I do not see how the concept of “randomness” can require “an equal chance of selection”.

Let me explain why, by reference to an example. Suppose I have 15 balls in a bag, numbered from 1 to 15. All the balls with numbers which are multiples of 3 are red, and all the others are blue. Suppose I plunge my hand into the bag and draw out a ball without looking. Was that a random act, or was it not?

If the concept of randomness depends upon there being an equal chance of selection, then my act was a random act if I am interested in the number on the ball, but it was not random if I am interested in the colour of the ball. How can that be? It is the same act. How can the randomness of the act depend upon an extraneous factor such as whether I am trying to draw a number at random or a colour at random?

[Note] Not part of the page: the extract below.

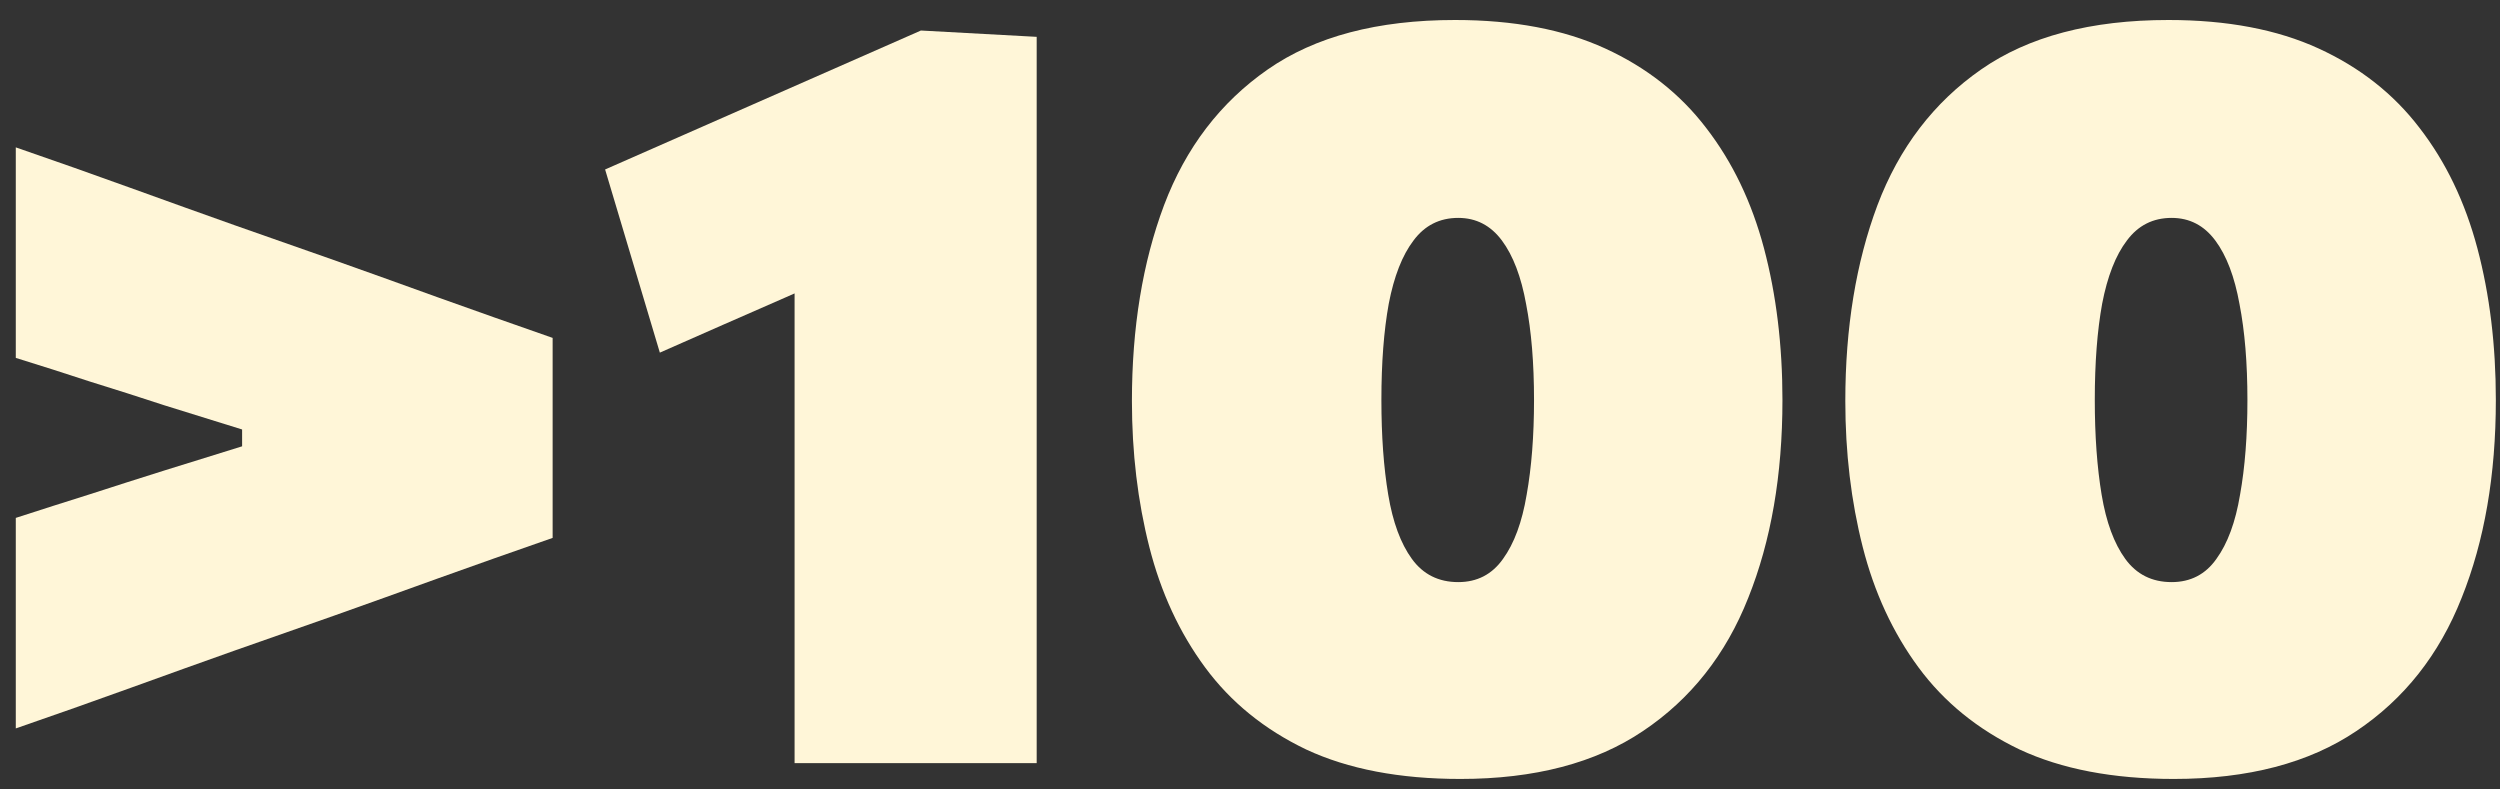 <?xml version="1.0" encoding="UTF-8"?> <svg xmlns="http://www.w3.org/2000/svg" width="95" height="30" viewBox="0 0 95 30" fill="none"><rect x="0" y="0" width="95" height="30" fill="#333333" stroke="none"/> <path d="M0.6 27.68V19.68C1.547 19.373 2.487 19.073 3.42 18.78C4.367 18.473 5.307 18.173 6.24 17.88L9.2 16.96V16.32L6.24 15.4C5.307 15.093 4.367 14.793 3.42 14.5C2.487 14.193 1.547 13.893 0.6 13.6V5.6C2.107 6.12 3.56 6.633 4.96 7.14C6.36 7.646 7.68 8.12 8.92 8.56L12.68 9.88C13.92 10.32 15.24 10.793 16.64 11.3C18.053 11.806 19.507 12.32 21 12.84V20.44C19.507 20.96 18.053 21.473 16.64 21.98C15.24 22.486 13.92 22.96 12.68 23.4L8.92 24.72C7.68 25.16 6.36 25.633 4.96 26.14C3.56 26.646 2.107 27.16 0.6 27.68Z" fill="#FFF6D8"></path> <path d="M25.074 13.4L22.994 6.44C24.994 5.56 26.994 4.68 28.994 3.8C30.994 2.92 32.994 2.04 34.994 1.16L34.634 9.2C33.034 9.893 31.441 10.593 29.854 11.3C28.267 11.993 26.674 12.693 25.074 13.4ZM30.194 29C30.194 27.613 30.194 26.266 30.194 24.96C30.194 23.653 30.194 22.16 30.194 20.48V13C30.194 11.68 30.194 10.366 30.194 9.06C30.194 7.753 30.194 6.44 30.194 5.12L34.994 1.16L39.394 1.4C39.394 3.053 39.394 4.68 39.394 6.28C39.394 7.866 39.394 9.453 39.394 11.04V20.48C39.394 22.16 39.394 23.653 39.394 24.96C39.394 26.266 39.394 27.613 39.394 29H30.194Z" fill="#FFF6D8"></path> <path d="M55.493 29.6C53.186 29.6 51.233 29.226 49.633 28.48C48.046 27.72 46.766 26.68 45.793 25.36C44.819 24.04 44.113 22.513 43.673 20.78C43.233 19.046 43.013 17.2 43.013 15.24C43.013 12.453 43.419 9.973 44.233 7.8C45.059 5.613 46.373 3.893 48.173 2.64C49.973 1.386 52.346 0.76 55.293 0.76C57.519 0.76 59.419 1.12 60.993 1.84C62.566 2.56 63.846 3.566 64.833 4.86C65.833 6.153 66.566 7.68 67.033 9.44C67.499 11.2 67.733 13.12 67.733 15.2C67.733 18.053 67.299 20.56 66.433 22.72C65.579 24.88 64.246 26.566 62.433 27.78C60.633 28.993 58.319 29.6 55.493 29.6ZM55.413 22.12C56.133 22.12 56.699 21.826 57.113 21.24C57.539 20.653 57.839 19.84 58.013 18.8C58.199 17.76 58.293 16.56 58.293 15.2C58.293 13.8 58.193 12.586 57.993 11.56C57.806 10.52 57.499 9.713 57.073 9.14C56.646 8.566 56.093 8.28 55.413 8.28C54.706 8.28 54.139 8.566 53.713 9.14C53.286 9.7 52.973 10.5 52.773 11.54C52.586 12.566 52.493 13.786 52.493 15.2C52.493 16.56 52.579 17.76 52.753 18.8C52.926 19.84 53.226 20.653 53.653 21.24C54.079 21.826 54.666 22.12 55.413 22.12Z" fill="#FFF6D8"></path> <path d="M82.602 29.6C80.295 29.6 78.342 29.226 76.742 28.48C75.155 27.72 73.875 26.68 72.902 25.36C71.929 24.04 71.222 22.513 70.782 20.78C70.342 19.046 70.122 17.2 70.122 15.24C70.122 12.453 70.529 9.973 71.342 7.8C72.169 5.613 73.482 3.893 75.282 2.64C77.082 1.386 79.455 0.76 82.402 0.76C84.629 0.76 86.529 1.12 88.102 1.84C89.675 2.56 90.955 3.566 91.942 4.86C92.942 6.153 93.675 7.68 94.142 9.44C94.609 11.2 94.842 13.12 94.842 15.2C94.842 18.053 94.409 20.56 93.542 22.72C92.689 24.88 91.355 26.566 89.542 27.78C87.742 28.993 85.429 29.6 82.602 29.6ZM82.522 22.12C83.242 22.12 83.809 21.826 84.222 21.24C84.649 20.653 84.949 19.84 85.122 18.8C85.309 17.76 85.402 16.56 85.402 15.2C85.402 13.8 85.302 12.586 85.102 11.56C84.915 10.52 84.609 9.713 84.182 9.14C83.755 8.566 83.202 8.28 82.522 8.28C81.815 8.28 81.249 8.566 80.822 9.14C80.395 9.7 80.082 10.5 79.882 11.54C79.695 12.566 79.602 13.786 79.602 15.2C79.602 16.56 79.689 17.76 79.862 18.8C80.035 19.84 80.335 20.653 80.762 21.24C81.189 21.826 81.775 22.12 82.522 22.12Z" fill="#FFF6D8"></path> </svg>

But just supposing, for the sake of argument, that the quality of randomness can depend upon whether I am interested in the colour or the number. What if I don’t know? Perhaps I am going to decide whether it is the number or the colour that matters only after I have drawn the ball, by flipping a coin. Heads it’s the number, tails it’s the colour. At the point that I have drawn the ball but not flipped the coin, was my act of drawing the ball random or was it not? It seems that no answer can be given to that, and that whether an action in the past was (will have been?) random depends entirely upon the outcome of a future event … which may never happen. I might, for instance, get bored of the experiment and go and use the coin to buy an ice cream instead. If I do that, nobody will ever be able to say whether my act in drawing the ball out of the bag was random or not.

Or suppose the coin has already been flipped, by a blind person, who put it in a locked safe and destroyed the key. Now the randomness or otherwise of the drawing of the ball is definitely settled, it does not depend upon some future event … but nobody can ever find out if it was or was not a random act.

This is all madness!

I cannot see that “equal chance of selection” can possible be a necessary condition without which “randomness” cannot exist.

Thanks for your thoughts, Jeremy.

That lies in the difference between the event and the outcome. Each event is equally likely (that is, each of the 15 balls is equally likely to be drawn). Each outcome is not equally likely (red or blue) since there are a different number of equally likely events leading to each outcome.

The set of all events is S = {1,2,3,4,5,6,7,8,9,10,11,12,13,14,15}

Which contains 15 equally likely elements.

The set of events resulting in red is

R={3,6,9,12,15}

which contains 5 elements while blue is

B={1,2,4,5,7,8,10,11,13,14}

which contains 10 elements.

Thus P(R) = 5/15 = 1/3

and

P(B) = 10/15 = 2/3.

So while the outcome of drawing a red ball is not as likely as drawing a blue ball, each individual ball is equally likely to be drawn. So you could look at it as the event of drawing a ball is random, the outcome may not be depending on how we define it.

You are correct. Not all outcomes of a random process are equally likely.